Nothing but the pictures is dropped; write out all the remaining data below exactly.

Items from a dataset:
____

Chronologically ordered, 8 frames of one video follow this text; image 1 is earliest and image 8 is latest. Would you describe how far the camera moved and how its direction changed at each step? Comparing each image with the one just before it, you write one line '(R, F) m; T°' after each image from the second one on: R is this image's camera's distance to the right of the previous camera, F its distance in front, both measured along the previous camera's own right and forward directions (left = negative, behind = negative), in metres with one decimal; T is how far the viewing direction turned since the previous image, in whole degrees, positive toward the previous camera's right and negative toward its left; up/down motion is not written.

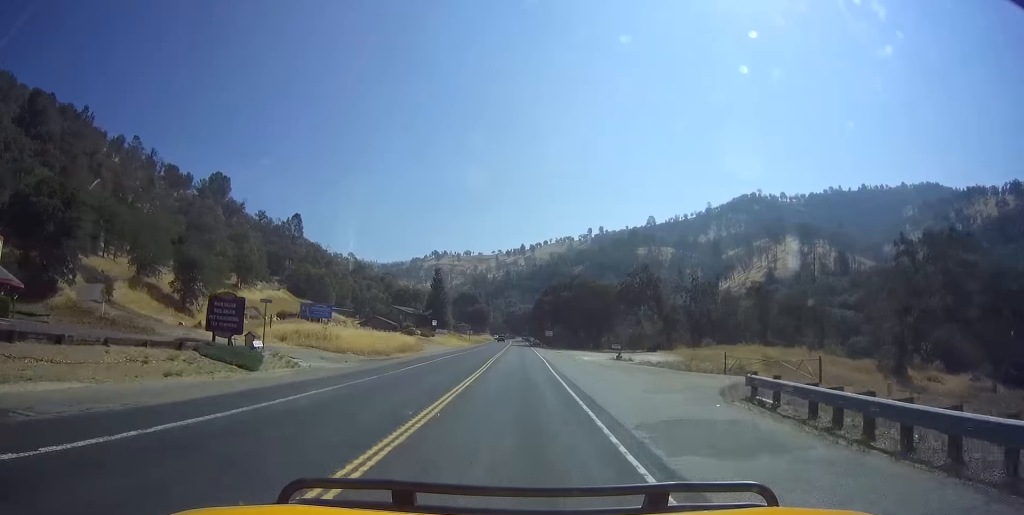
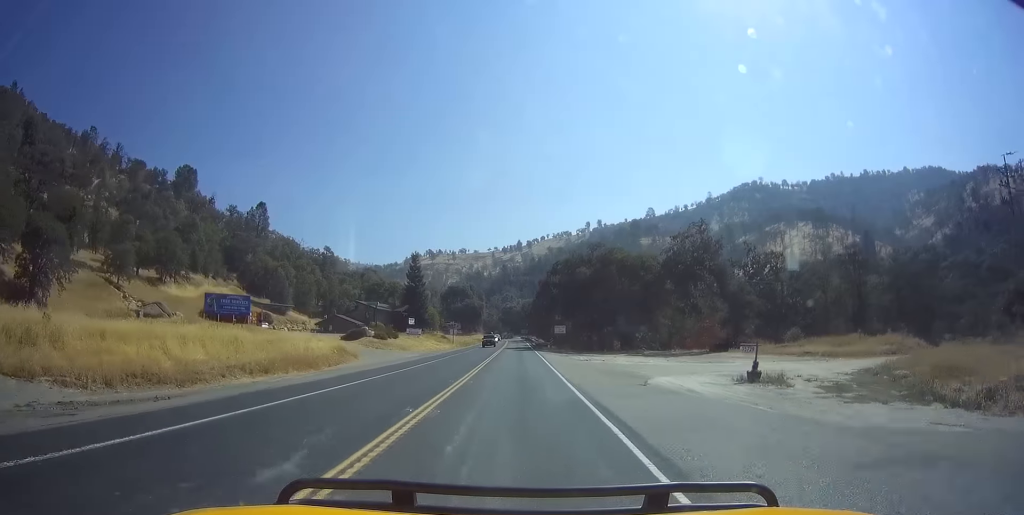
(-0.1, +28.5) m; 0°
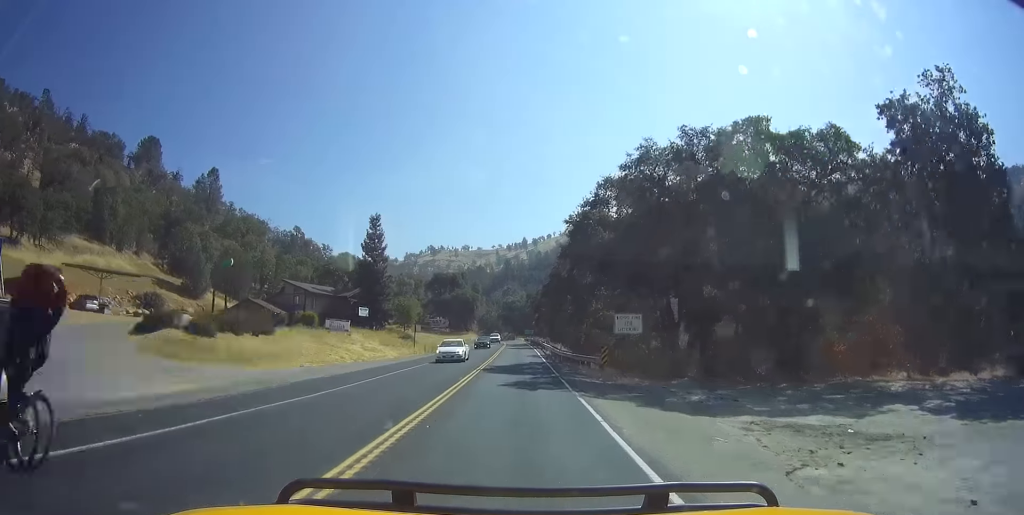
(-0.2, +38.1) m; -1°
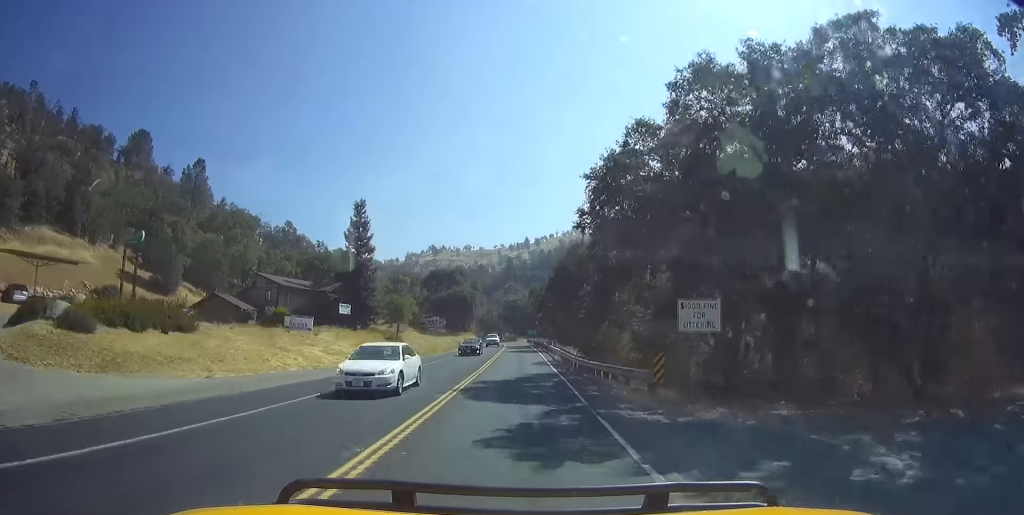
(0.0, +9.5) m; 0°
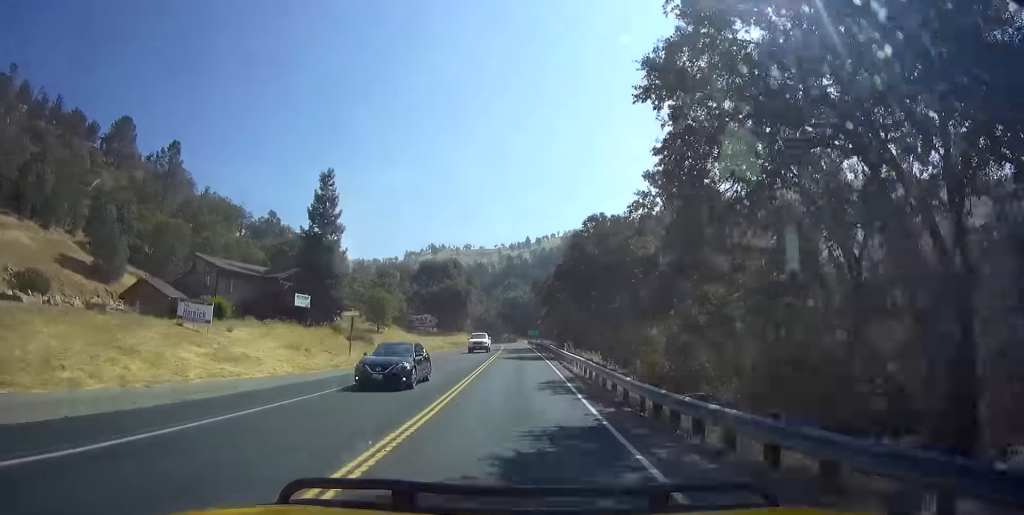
(-0.1, +14.2) m; 0°
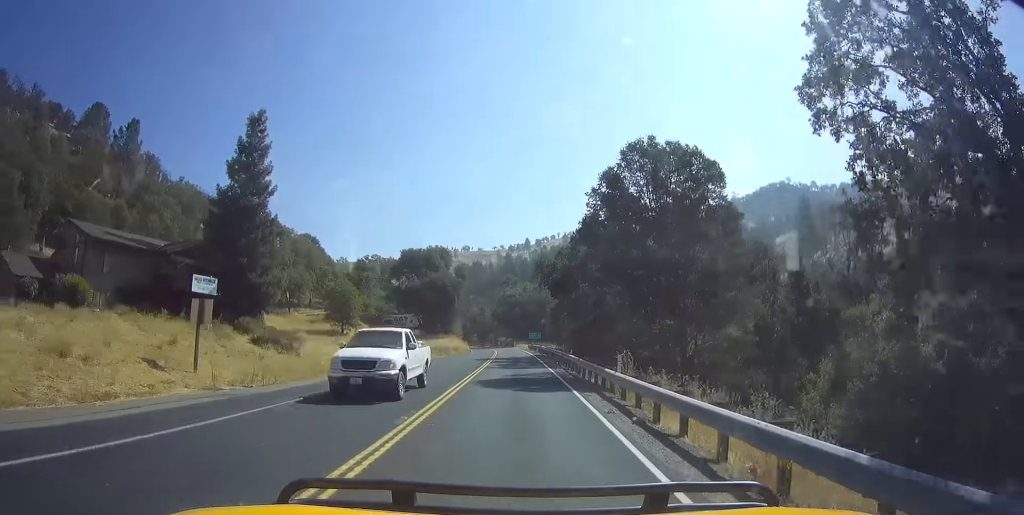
(+0.1, +18.8) m; 0°
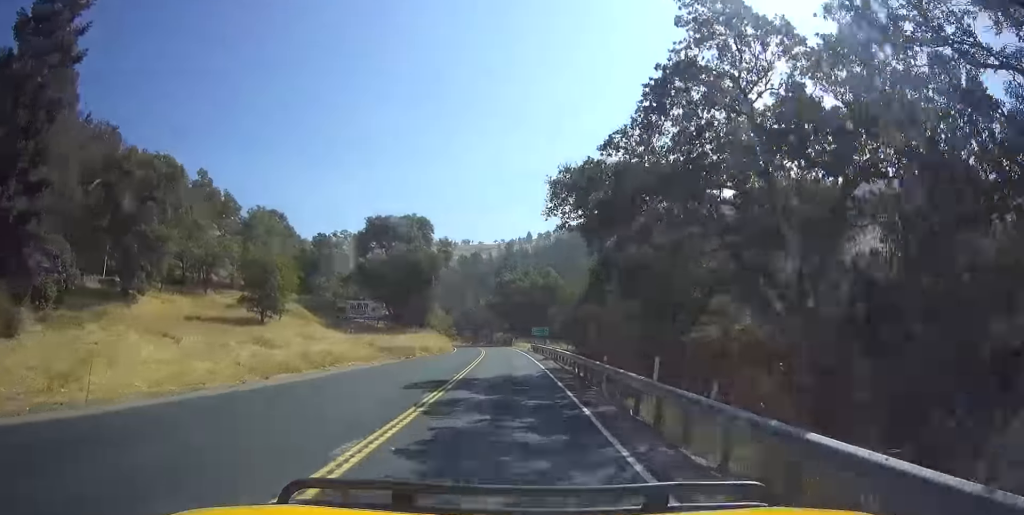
(-0.1, +24.9) m; -1°
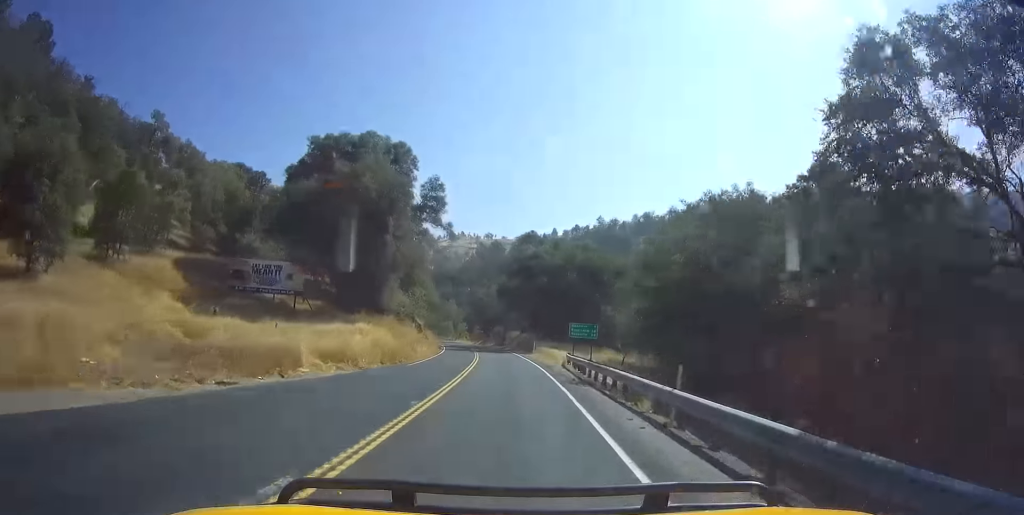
(-0.5, +31.6) m; -2°

____

Response below:
Chronologically ordered, 8 frames of one video follow this text; image 1 is earliest and image 8 is latest. Would you describe how far the camera moved and how its direction changed at each step? Comparing each image with the one just before it, you write one line '(R, F) m; T°' after each image from the second one on: R is this image's camera's distance to the right of the previous camera, F its distance in front, both measured along the previous camera's own right and forward directions (left = negative, behind = negative), in metres with one decimal; T is how far the viewing direction turned since the previous image, in whole degrees, positive toward the previous camera's right and negative toward its left; up/down motion is not written.

(-0.1, +28.5) m; 0°
(-0.2, +38.1) m; -1°
(0.0, +9.5) m; 0°
(-0.1, +14.2) m; 0°
(+0.1, +18.8) m; 0°
(-0.1, +24.9) m; -1°
(-0.5, +31.6) m; -2°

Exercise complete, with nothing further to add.